Source material:
▽
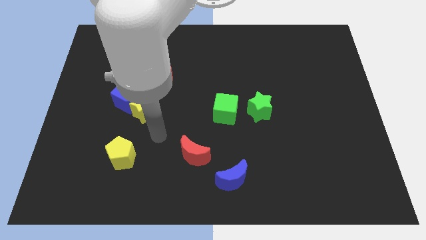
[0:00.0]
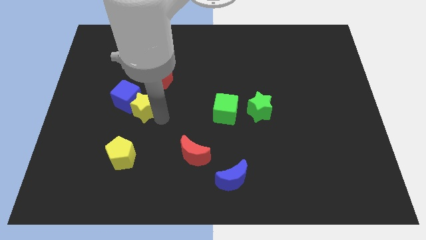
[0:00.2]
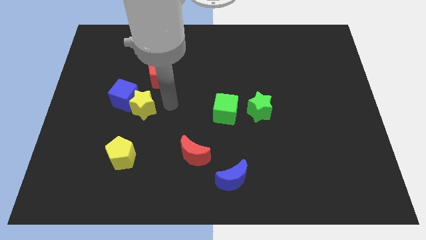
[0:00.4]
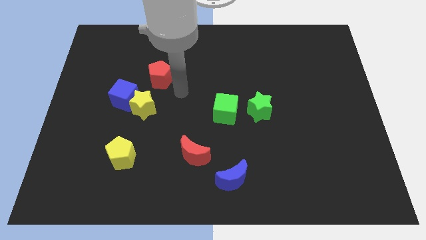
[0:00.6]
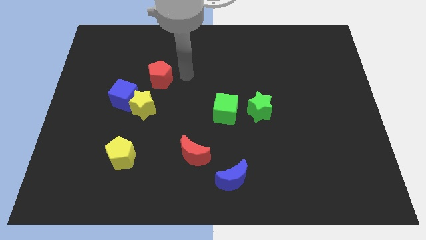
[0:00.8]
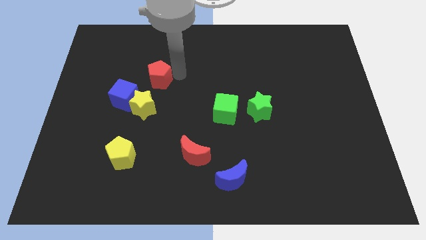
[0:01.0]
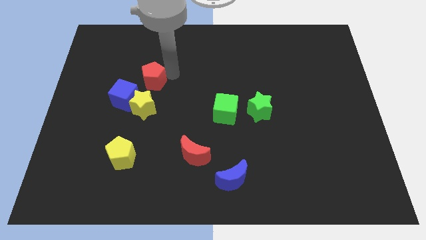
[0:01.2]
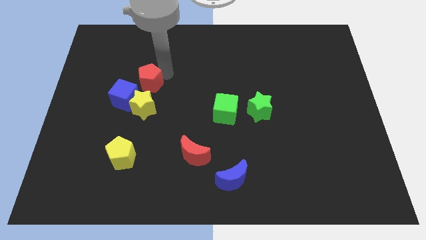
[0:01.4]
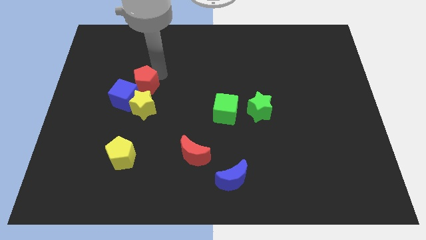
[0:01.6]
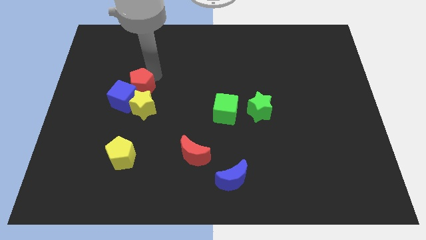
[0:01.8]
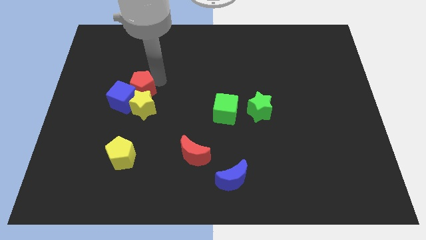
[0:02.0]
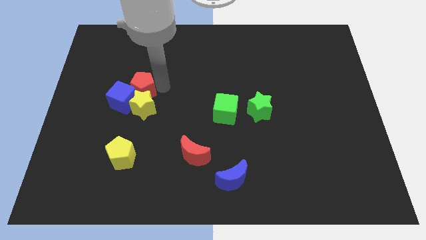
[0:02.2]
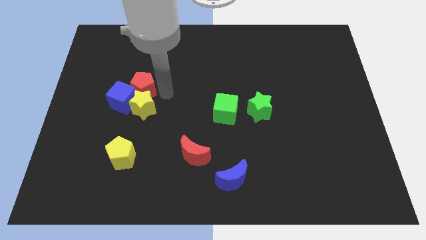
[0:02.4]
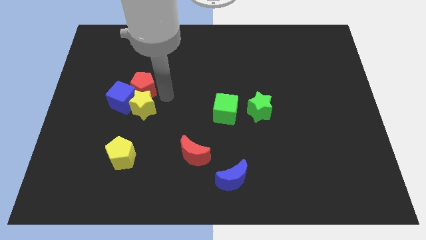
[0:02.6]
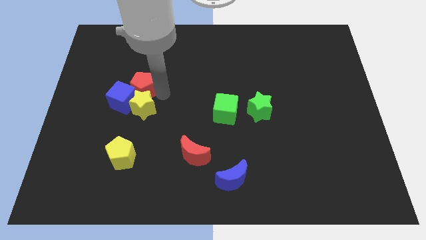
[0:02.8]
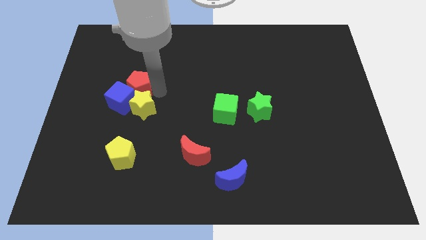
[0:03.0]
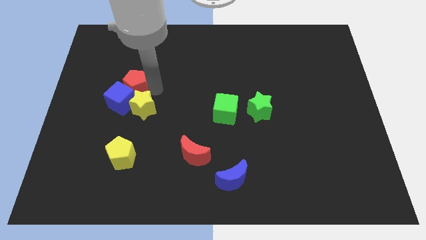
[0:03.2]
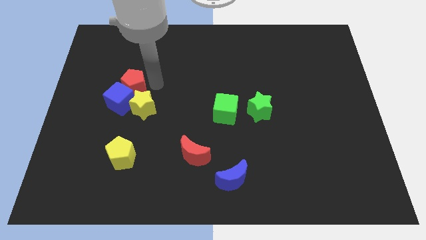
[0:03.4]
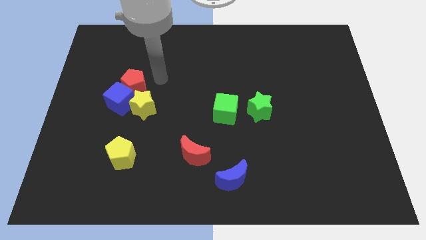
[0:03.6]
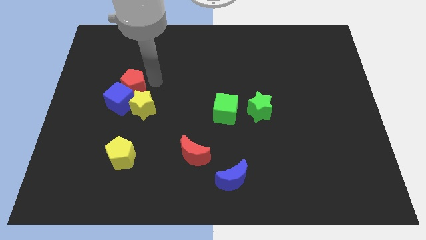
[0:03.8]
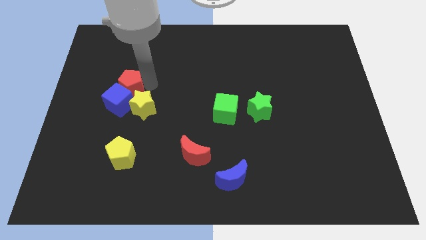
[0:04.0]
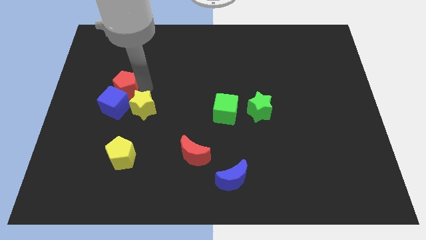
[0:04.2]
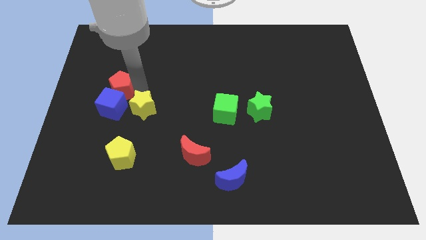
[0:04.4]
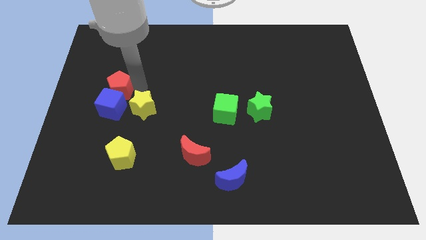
△
Assignment: Although the records above contain pictures, only their text is to be repeated, exactly as given.

Output for this task:
[0:00.0]
[0:00.2]
[0:00.4]
[0:00.6]
[0:00.8]
[0:01.0]
[0:01.2]
[0:01.4]
[0:01.6]
[0:01.8]
[0:02.0]
[0:02.2]
[0:02.4]
[0:02.6]
[0:02.8]
[0:03.0]
[0:03.2]
[0:03.4]
[0:03.6]
[0:03.8]
[0:04.0]
[0:04.2]
[0:04.4]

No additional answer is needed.